Dejeanne Doublet inspects a red oak in BiodiversiTree. (SERC)

by Kristen Minogue

We sprayed pig’s blood on baby trees, studied a strange ménage a trois in the orchid world and met the father of marine invasions science himself. It’s been an odd year at the Smithsonian Environmental Research Center. But we like living in interesting times. Here are 10 of our favorite stories from 2014. Here’s hoping 2015 is even stranger.

The Good

Oysters Have Sidekick in Chesapeake Bay Cleanup
Oysters’ filter-feeding powers have long made them champions for cleaning up the Bay’s  murky waters. But a study this spring found they aren’t the only ones that can do the job. Another mollusk can fill in the cracks that oysters often miss.

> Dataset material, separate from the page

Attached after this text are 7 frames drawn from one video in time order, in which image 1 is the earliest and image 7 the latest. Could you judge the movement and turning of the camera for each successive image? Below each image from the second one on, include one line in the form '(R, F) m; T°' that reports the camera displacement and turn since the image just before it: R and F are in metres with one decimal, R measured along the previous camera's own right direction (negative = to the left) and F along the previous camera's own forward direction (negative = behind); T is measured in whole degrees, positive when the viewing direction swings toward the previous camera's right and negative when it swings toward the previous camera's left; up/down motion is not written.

Urban Kids, Urban Waterways
These high schoolers from southeast DC spent their summer doing field work that could help restore a polluted watershed. We love our citizen scientists.

“The Dream Has Been Fulfilled”
At last. After three years of construction (and two decades of planning), we moved into what’s targeted to be the Smithsonian’s first LEED-Platinum building, the Mathias Laboratory. We’re still enjoying the honeymoon.

The Scary

Dead Zones on the Rise
The world’s waters are warming. This can make for a dangerous cocktail that allows dead zones to expand as climate change marches on, scientists from the Smithsonian Environmental Research Center and the Smithsonian Tropical Research Institute discovered in a paper this fall.

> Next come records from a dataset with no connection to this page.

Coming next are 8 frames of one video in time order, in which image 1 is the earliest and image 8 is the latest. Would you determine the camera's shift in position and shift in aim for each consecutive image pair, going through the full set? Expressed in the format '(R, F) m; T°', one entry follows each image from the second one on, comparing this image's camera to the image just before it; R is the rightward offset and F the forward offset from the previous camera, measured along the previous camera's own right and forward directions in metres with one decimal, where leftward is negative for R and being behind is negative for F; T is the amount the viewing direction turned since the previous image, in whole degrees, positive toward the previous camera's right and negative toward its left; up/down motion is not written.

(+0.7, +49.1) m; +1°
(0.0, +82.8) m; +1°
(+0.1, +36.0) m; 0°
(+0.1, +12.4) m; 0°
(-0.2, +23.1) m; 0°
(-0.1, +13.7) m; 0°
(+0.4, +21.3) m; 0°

Before it was Cool: The Father of Marine Invasions Biology
Jim Carlton is a hero whom few took seriously–until an invasion of zebra mussels in the 1980s shut off the water supply of 50,000 Michiganders for three days straight. The frightening thing is that our planet still needs so many scientists like him.

Thousands of Tags Could Unearth Clues to Saving Blue Crab
Blue crabs had a rough year, hitting their lowest point since 2008 according to the Winter Dredge Survey. Females felt the brunt of it as they dipped below the safety zone for the first time in more than a decade. This summer and fall, the Fish & Invertebrate Lab set out on a mission to tag 10,000 of the imperiled crabs in search of a way to rescue them.

The Weird

Wintering Wood Frogs Freeze Solid
Who needs the Easter bunny, when you have a frog that can stop its heart–and its lungs–every winter and come back to life in the spring?

Intern Logs: A Bloody Welcome
“Ecological research usually doesn’t evoke thoughts of Stephen King horror movie scenes….However, fellow intern Megan Palmer and I learned on our first week that sometimes, just sometimes, Stephen King references are the best way to describe a day’s work in the field.”

Orchids, Fungi and Bacteria: It’s Complicated
Many orchids couldn’t germinate without fungi–an awkward pairing sometimes likened to Beauty and the Beast. But if that’s not strange enough, it turns out the process may actually be a ménage a trois, with bacteria as the unlikely third player.

Curiouser and Curiouser: A Motor at the Front?
“With its motor located near the bow (front) of the boat, the modern-day mullet skiff could have been a character in Lewis Carroll’s novel “Alice’s Adventures in Wonderland.” Similar to the unpunctual rabbit, vanishing cat and hookah smoking caterpillar, it seems illogical…or does it?”